Arada onları hafifletmek, indirip içinde ne varmış diye bir bakmak lazım. Sertleşmiş, birbirine yapışmış yığıntıyı bir bir ayırmak, havalandırmak, lüzumsuz olanları atmak, bazılarını yırtmak, bazılarını ise yakmak…

Çünkü insan geriye dönüp bakmadıkça eskidiğini unutuyor bir şeylerin. Sorumluluklarının, kaygılarının ve hatta umutlarının…

Unutmak, lüzumlu işler için ihmal mertebesindedir. Ya bunu kasıtlı yapıyorsunuzdur ya da unutmamak gerektiğini unutuyorsunuzdur.

Tuhaf değil mi, bu kadar ağır yükü taşımaya zahmet ederken onun ne olduğunu hatırlamamak?

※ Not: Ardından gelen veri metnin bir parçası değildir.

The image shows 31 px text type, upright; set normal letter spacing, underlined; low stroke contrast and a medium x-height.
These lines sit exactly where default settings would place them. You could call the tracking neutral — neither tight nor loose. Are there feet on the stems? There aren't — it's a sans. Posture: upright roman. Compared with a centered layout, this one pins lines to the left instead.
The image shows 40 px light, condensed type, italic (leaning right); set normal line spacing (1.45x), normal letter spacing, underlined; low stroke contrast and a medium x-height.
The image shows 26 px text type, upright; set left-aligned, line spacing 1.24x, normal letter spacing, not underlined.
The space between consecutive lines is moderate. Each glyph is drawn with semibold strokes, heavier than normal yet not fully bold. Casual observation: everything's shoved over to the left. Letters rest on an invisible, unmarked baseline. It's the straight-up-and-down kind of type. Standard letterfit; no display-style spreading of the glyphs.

Her yeni süreç başka bir hazırlığa yontuyor bizi. Hayatın her devresi yeni kararlara açık. Günlük hayata zaman zaman değişik renkleri de dâhil etmek istiyoruz. Yeni insanlar, mekânlar, yollar… Bu da zamanla gelenekselleşiyor. Alışkanlıklarımızı çoğaltmak alışkanlığından kurtulamıyoruz.

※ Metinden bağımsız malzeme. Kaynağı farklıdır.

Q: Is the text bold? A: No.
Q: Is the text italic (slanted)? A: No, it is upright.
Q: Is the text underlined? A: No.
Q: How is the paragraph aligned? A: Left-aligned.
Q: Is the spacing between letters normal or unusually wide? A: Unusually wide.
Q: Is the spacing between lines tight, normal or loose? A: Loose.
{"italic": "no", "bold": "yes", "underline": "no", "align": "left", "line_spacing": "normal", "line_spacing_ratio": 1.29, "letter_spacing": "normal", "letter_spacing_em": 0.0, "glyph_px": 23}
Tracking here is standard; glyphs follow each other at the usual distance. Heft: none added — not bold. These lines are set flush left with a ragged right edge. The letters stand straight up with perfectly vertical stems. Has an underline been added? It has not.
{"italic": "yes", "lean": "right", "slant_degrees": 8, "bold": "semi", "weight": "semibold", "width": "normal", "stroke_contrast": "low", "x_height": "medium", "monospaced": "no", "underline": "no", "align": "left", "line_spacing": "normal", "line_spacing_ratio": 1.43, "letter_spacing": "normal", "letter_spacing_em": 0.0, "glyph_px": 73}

Tekrarlanan her devrede onları kendimizle yeniden tanıştırıyoruz. Talep ettiğimiz değişikliklerle yabancılaşmış buluyoruz kendimizi. Ve bilmiyoruz bunca kalabalıkla ne yapacağımızı.

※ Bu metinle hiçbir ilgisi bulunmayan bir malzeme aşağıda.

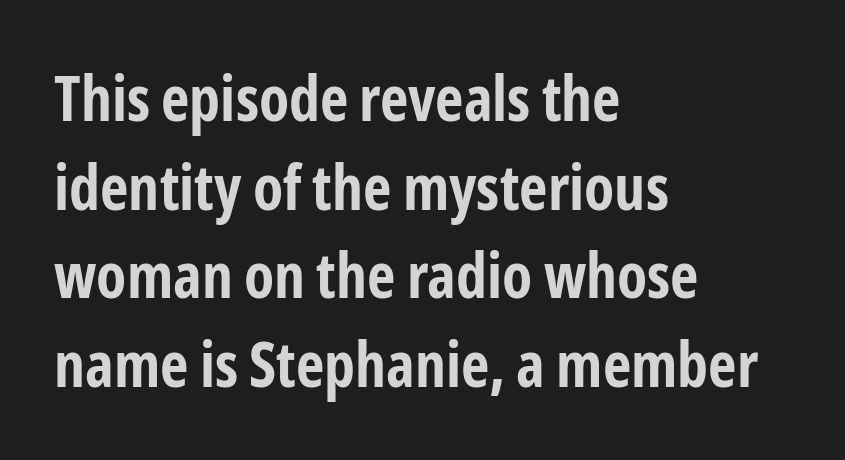
Q: Is the text bold? A: Yes.
Q: Is the text italic (slanted)? A: No, it is upright.
Q: Is the typeface a serif or a sans-serif typeface? A: Sans-serif.
Q: Is the text underlined? A: No.
Q: How is the paragraph aligned? A: Left-aligned.
Q: Is the spacing between letters normal or unusually wide? A: Normal.
Q: Is the spacing between lines tight, normal or loose? A: Normal.
Q: Width (condensed, normal, or wide)? A: Condensed.
Q: Stroke contrast? A: Low.
Q: x-height? A: Medium.
Q: Monospaced? A: No.

Harekete geçmek için çetele tutmak ve yer kalmayana dek yerimizden kımıldamamak gibi miskinliklerimiz de var. Kendi kurduğumuz oyunda dahi hile yapıyoruz. Sözlerimizi tutmuyoruz. Sonra kendi sözümüzü dinlememek kızdırıyor bizi.

Şehirli ahalinin iç çatışmaları kırsaldakilerden çok daha fazla. Düzeni sallantıda. Etrafı hep biçimlendirilmiş bir âleme açılırken tabiatına uzaklaşıyor. Bu çatışmalarda zafer de var yenilgi de.

Dünyevi amaçlar gelişim heveslerimizi, kendi gözümüzdeki itibarımızı azaltabiliyor. Bir işi yapma isteğimizle, onu yapmaya gücümüzün olup olmadığı sorgusu arasında kalmak da var hırslanmaktan vazgeçmek de…

Oysaki hayat ilerledikçe anlıyoruz, insanın gerçekten bir istediği varsa, onu gerçekleştirmek için içindeki bütün gücü harekete geçirebilir. Hatta beyinden aldığı emirle tüm vücut fonksiyonlarını üst düzey çalıştırabilir, farkında olmadan tamtakır depolarını doldurur. Öyle ki vücudumuz sözlerimizden de erken, sessiz komutlarla harekete geçer kimi zaman.

Büyük bir donanım taşıyoruz içimizde. İdrakinden aciz olduğumuz büyük bir güçle yaşıyoruz.

Ömrümüz ise bu güce ulaşabilme, onu yönetebilme çabasıyla geçiyor ve eğer başıboş bırakılmışsa, manevi beslenmeden mahrumsa verimsizliğe ya da kirli işlere hizmet ediyor. Her gün yeni bir başlangıç peşine takılıp gitmemiz, o başlangıca bir isim vermemiz, bir şeylere ne kadar önem verdiğimizi hatırlatacak bahaneler aramamız hep bu yüzden.

“Yeniden” başlamalar ve “yenilenmeler” soluklanmak için durak mı, yoksa gerçekten harekete geçebilmek için güç yoklaması mı?

Hayatta her ne olursa olsun ancak istediğimiz kişi olabiliriz ve bunun için bir başlangıç çizgisi gerekmez.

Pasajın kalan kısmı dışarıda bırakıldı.